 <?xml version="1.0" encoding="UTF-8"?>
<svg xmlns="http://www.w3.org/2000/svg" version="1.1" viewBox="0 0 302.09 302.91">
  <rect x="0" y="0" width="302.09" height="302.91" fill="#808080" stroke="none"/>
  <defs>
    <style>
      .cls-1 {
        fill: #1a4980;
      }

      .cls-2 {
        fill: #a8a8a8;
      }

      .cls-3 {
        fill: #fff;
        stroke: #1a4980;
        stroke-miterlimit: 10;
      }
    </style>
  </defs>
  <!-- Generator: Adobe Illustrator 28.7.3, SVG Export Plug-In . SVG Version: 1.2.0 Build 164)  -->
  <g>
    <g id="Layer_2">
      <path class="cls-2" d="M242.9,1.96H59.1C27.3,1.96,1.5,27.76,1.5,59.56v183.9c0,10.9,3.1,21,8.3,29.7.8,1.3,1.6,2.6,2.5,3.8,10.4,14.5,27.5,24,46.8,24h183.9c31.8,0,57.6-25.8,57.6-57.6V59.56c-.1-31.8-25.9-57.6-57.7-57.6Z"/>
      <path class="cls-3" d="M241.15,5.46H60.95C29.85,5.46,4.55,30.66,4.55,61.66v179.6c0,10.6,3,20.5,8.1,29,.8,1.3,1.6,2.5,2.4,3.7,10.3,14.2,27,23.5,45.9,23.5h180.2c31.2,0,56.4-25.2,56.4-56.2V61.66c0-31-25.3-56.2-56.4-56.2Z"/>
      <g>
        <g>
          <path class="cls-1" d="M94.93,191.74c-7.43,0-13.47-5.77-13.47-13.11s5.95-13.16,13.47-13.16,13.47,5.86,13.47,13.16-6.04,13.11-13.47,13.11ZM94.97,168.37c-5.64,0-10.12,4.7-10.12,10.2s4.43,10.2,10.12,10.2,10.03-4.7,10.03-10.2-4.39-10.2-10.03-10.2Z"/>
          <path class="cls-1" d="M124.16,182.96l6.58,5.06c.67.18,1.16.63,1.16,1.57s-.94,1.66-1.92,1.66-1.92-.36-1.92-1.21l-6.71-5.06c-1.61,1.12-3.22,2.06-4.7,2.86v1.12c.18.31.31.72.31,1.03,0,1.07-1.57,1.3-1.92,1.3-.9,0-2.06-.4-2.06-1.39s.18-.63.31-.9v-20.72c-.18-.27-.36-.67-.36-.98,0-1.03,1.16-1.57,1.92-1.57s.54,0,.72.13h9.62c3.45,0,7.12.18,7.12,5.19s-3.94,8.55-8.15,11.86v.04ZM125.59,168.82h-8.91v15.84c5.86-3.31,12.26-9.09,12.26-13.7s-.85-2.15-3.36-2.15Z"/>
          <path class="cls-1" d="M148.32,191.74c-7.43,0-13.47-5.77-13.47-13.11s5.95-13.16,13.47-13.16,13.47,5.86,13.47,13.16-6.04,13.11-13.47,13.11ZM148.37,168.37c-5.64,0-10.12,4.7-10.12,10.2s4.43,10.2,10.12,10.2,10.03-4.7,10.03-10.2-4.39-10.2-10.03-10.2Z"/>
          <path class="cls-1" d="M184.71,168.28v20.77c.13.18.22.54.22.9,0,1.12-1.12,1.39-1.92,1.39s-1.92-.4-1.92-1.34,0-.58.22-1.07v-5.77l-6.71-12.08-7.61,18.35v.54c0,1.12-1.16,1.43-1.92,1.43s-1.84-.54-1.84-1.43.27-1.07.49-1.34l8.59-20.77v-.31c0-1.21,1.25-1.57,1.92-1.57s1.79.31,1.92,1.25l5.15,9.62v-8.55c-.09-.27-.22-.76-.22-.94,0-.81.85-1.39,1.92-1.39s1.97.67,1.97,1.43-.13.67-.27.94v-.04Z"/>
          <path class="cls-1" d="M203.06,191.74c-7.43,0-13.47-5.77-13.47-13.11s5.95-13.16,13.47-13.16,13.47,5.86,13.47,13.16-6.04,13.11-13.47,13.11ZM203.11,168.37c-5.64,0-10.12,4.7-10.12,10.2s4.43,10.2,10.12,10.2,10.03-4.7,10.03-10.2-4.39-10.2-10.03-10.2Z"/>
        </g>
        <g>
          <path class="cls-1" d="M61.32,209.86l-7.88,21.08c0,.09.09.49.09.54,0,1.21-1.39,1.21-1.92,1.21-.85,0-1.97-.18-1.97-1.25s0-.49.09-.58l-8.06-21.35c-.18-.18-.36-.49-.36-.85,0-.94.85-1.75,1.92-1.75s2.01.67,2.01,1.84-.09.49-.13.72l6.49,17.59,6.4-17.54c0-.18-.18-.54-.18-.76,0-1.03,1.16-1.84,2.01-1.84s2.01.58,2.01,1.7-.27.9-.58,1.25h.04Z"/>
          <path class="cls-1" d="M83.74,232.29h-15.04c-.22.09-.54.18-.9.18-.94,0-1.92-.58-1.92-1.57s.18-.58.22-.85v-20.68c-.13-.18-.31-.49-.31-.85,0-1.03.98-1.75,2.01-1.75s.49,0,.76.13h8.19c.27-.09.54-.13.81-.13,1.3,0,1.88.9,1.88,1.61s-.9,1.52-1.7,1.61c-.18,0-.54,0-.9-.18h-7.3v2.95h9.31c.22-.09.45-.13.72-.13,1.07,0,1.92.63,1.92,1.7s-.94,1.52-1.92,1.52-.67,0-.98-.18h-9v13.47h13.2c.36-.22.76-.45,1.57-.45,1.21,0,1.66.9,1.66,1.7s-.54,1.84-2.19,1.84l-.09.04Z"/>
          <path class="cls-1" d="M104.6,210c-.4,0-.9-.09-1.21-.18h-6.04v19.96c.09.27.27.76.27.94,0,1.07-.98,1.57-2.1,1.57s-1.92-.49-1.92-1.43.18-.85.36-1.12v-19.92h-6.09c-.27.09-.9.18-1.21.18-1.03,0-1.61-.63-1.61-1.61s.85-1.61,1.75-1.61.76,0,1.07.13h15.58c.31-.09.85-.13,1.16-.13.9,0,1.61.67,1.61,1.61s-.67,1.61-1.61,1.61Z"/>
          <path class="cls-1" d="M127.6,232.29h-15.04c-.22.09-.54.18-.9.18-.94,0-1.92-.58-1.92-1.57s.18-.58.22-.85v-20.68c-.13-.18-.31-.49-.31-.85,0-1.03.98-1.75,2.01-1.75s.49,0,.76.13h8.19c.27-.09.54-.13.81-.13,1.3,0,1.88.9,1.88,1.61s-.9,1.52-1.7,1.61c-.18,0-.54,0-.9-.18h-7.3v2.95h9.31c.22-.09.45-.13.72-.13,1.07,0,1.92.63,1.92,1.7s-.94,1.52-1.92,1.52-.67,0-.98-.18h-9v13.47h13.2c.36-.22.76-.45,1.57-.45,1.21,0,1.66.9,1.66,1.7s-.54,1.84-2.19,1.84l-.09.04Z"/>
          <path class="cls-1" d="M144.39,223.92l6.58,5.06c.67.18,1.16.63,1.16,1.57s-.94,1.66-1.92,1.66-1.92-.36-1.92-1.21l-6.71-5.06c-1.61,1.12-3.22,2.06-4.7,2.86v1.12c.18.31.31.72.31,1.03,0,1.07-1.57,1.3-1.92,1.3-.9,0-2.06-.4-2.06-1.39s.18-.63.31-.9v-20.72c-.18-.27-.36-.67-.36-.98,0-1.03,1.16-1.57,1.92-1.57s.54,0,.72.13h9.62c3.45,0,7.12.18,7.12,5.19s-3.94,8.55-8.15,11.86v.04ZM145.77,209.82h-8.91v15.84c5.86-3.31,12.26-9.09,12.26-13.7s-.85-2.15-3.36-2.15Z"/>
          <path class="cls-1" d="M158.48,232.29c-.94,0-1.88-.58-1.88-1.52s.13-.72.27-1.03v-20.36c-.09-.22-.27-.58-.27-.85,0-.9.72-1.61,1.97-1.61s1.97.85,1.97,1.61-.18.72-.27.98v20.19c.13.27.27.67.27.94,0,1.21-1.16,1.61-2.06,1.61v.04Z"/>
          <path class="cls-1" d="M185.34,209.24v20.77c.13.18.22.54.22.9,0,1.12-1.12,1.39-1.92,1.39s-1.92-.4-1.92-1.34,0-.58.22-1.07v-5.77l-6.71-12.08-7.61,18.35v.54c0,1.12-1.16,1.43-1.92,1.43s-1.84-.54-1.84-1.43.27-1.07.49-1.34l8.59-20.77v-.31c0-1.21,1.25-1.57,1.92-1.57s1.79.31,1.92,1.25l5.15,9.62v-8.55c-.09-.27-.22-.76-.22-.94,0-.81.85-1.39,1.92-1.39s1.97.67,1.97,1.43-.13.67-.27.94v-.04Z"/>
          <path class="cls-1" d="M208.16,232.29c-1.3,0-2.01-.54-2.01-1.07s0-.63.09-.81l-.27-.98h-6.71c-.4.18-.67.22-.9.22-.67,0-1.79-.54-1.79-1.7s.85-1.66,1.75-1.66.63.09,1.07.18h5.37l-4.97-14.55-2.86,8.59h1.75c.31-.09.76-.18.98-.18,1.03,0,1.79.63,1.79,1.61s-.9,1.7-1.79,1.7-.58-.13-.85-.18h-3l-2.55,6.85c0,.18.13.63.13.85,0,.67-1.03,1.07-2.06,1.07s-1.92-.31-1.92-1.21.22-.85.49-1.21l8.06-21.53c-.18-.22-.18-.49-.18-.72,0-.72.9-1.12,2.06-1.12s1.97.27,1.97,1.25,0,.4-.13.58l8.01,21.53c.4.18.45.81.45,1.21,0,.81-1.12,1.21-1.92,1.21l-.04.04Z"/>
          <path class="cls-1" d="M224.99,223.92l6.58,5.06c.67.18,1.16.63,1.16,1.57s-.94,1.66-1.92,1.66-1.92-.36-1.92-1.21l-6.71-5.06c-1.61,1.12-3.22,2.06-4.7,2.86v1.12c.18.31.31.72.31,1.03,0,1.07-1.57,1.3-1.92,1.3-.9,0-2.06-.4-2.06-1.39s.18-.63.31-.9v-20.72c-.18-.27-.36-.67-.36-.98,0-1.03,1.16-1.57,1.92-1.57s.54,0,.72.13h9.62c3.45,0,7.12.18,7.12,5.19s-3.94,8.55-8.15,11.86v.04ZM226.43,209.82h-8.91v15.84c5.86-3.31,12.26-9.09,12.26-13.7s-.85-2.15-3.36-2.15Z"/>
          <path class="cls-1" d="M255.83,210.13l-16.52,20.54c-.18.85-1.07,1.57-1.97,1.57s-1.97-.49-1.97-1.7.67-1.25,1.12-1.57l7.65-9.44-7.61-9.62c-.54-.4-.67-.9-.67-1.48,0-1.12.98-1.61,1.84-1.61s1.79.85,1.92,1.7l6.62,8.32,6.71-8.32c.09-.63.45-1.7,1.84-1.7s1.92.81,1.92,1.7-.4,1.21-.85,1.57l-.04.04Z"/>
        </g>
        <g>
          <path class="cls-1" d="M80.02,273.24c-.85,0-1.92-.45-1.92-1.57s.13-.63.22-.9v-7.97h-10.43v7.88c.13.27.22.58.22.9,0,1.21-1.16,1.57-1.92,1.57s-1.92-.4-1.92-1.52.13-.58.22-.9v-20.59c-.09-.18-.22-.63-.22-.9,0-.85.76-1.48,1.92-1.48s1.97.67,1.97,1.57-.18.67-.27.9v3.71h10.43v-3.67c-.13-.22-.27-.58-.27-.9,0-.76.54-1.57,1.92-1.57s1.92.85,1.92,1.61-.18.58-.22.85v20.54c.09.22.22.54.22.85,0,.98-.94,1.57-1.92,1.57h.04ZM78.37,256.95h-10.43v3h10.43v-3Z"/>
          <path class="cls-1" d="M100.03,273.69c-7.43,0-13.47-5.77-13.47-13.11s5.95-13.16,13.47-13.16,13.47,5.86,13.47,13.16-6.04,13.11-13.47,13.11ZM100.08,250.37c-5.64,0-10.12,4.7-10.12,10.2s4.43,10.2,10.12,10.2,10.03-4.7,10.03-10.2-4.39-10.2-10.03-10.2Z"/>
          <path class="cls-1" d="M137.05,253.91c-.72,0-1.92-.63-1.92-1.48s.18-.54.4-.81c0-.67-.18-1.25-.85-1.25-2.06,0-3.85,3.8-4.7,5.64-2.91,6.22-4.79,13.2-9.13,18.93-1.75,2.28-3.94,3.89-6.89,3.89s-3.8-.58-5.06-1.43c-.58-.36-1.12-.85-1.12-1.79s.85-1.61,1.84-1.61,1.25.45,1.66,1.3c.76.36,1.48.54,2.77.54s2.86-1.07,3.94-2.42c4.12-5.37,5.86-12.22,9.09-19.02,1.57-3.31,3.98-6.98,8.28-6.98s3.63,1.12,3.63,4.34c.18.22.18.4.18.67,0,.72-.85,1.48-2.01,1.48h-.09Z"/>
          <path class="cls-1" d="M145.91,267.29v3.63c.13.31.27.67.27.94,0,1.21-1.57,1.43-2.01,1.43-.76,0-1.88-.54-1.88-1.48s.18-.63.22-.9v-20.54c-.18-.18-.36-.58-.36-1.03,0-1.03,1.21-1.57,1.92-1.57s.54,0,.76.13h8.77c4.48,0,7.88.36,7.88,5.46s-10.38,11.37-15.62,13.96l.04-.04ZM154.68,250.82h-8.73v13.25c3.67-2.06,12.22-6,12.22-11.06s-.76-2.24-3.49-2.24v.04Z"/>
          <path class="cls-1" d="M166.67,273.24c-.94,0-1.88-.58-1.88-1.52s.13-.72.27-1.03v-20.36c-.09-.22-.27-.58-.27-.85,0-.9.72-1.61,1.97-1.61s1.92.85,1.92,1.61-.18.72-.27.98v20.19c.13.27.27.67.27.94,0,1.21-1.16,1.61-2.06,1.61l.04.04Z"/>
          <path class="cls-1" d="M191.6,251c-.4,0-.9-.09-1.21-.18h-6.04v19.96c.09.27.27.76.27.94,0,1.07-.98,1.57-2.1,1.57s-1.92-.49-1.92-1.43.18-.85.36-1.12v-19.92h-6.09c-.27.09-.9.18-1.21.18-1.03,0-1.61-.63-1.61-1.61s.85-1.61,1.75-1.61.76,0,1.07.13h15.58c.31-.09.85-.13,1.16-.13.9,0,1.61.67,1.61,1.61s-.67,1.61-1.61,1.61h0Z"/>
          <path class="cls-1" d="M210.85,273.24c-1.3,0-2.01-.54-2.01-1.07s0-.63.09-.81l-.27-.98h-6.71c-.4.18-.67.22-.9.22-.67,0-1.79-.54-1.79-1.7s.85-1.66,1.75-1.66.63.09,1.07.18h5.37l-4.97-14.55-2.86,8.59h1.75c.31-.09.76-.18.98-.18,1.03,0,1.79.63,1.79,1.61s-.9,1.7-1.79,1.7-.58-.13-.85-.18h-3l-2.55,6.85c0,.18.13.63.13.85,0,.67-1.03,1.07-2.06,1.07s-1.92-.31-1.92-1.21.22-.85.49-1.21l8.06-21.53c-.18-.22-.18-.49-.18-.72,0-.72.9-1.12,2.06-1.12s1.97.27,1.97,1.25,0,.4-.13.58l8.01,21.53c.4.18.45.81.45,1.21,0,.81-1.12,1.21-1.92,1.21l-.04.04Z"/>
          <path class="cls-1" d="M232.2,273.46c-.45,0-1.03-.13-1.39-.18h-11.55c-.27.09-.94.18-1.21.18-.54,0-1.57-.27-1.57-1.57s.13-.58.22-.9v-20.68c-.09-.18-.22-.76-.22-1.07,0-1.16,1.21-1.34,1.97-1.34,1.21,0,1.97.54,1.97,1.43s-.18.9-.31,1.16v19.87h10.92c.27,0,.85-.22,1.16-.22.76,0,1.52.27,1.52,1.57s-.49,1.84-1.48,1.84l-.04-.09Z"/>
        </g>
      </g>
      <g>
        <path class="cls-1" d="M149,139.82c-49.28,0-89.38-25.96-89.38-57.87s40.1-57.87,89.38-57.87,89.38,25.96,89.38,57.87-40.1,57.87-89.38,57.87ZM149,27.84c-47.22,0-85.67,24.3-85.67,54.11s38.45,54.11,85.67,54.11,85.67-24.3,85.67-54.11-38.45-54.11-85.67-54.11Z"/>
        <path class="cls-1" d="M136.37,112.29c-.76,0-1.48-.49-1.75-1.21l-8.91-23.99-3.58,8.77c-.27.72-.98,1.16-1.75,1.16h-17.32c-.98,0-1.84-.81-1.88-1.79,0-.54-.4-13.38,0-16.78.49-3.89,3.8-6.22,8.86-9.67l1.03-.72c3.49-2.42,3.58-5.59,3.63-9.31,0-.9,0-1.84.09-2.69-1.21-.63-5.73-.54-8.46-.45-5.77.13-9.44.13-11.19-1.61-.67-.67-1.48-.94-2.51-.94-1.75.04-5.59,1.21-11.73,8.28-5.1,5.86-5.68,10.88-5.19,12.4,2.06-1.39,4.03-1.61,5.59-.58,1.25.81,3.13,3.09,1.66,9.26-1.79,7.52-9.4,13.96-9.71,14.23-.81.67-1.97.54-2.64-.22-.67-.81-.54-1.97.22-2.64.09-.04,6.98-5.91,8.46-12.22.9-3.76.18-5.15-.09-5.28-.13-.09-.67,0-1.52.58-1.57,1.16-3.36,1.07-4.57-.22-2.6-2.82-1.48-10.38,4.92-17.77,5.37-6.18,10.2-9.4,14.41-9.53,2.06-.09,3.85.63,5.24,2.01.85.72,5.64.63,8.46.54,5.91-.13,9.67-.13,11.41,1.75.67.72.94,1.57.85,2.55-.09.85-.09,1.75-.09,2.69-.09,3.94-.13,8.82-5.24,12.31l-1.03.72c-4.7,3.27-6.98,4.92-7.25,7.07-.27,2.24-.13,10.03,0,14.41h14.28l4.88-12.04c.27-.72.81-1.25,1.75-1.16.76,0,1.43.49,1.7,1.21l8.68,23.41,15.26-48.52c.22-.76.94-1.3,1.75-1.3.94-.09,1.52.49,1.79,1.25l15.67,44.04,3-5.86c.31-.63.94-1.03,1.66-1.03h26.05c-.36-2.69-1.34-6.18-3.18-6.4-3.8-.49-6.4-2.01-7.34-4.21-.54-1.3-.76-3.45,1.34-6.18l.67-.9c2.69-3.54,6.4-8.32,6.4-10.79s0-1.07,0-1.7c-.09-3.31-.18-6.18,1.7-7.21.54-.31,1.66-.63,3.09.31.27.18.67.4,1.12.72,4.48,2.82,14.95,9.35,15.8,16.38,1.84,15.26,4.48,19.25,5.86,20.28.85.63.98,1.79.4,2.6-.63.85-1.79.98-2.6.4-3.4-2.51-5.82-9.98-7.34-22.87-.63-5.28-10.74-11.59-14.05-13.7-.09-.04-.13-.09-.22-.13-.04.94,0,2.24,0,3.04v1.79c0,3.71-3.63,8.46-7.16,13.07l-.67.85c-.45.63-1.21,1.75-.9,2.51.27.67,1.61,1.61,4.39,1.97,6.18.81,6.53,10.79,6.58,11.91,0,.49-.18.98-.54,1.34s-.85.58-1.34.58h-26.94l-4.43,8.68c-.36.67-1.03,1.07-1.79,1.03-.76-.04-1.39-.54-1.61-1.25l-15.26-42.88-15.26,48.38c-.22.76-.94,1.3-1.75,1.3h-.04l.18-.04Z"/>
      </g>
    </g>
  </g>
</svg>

□ □ □ □ □ □ □

Your task
Could you show every line of the listing that holds the string "fill"?

Answer to the exercise
  <rect x="0" y="0" width="302.09" height="302.91" fill="#808080" stroke="none"/>
        fill: #1a4980;
        fill: #a8a8a8;
        fill: #fff;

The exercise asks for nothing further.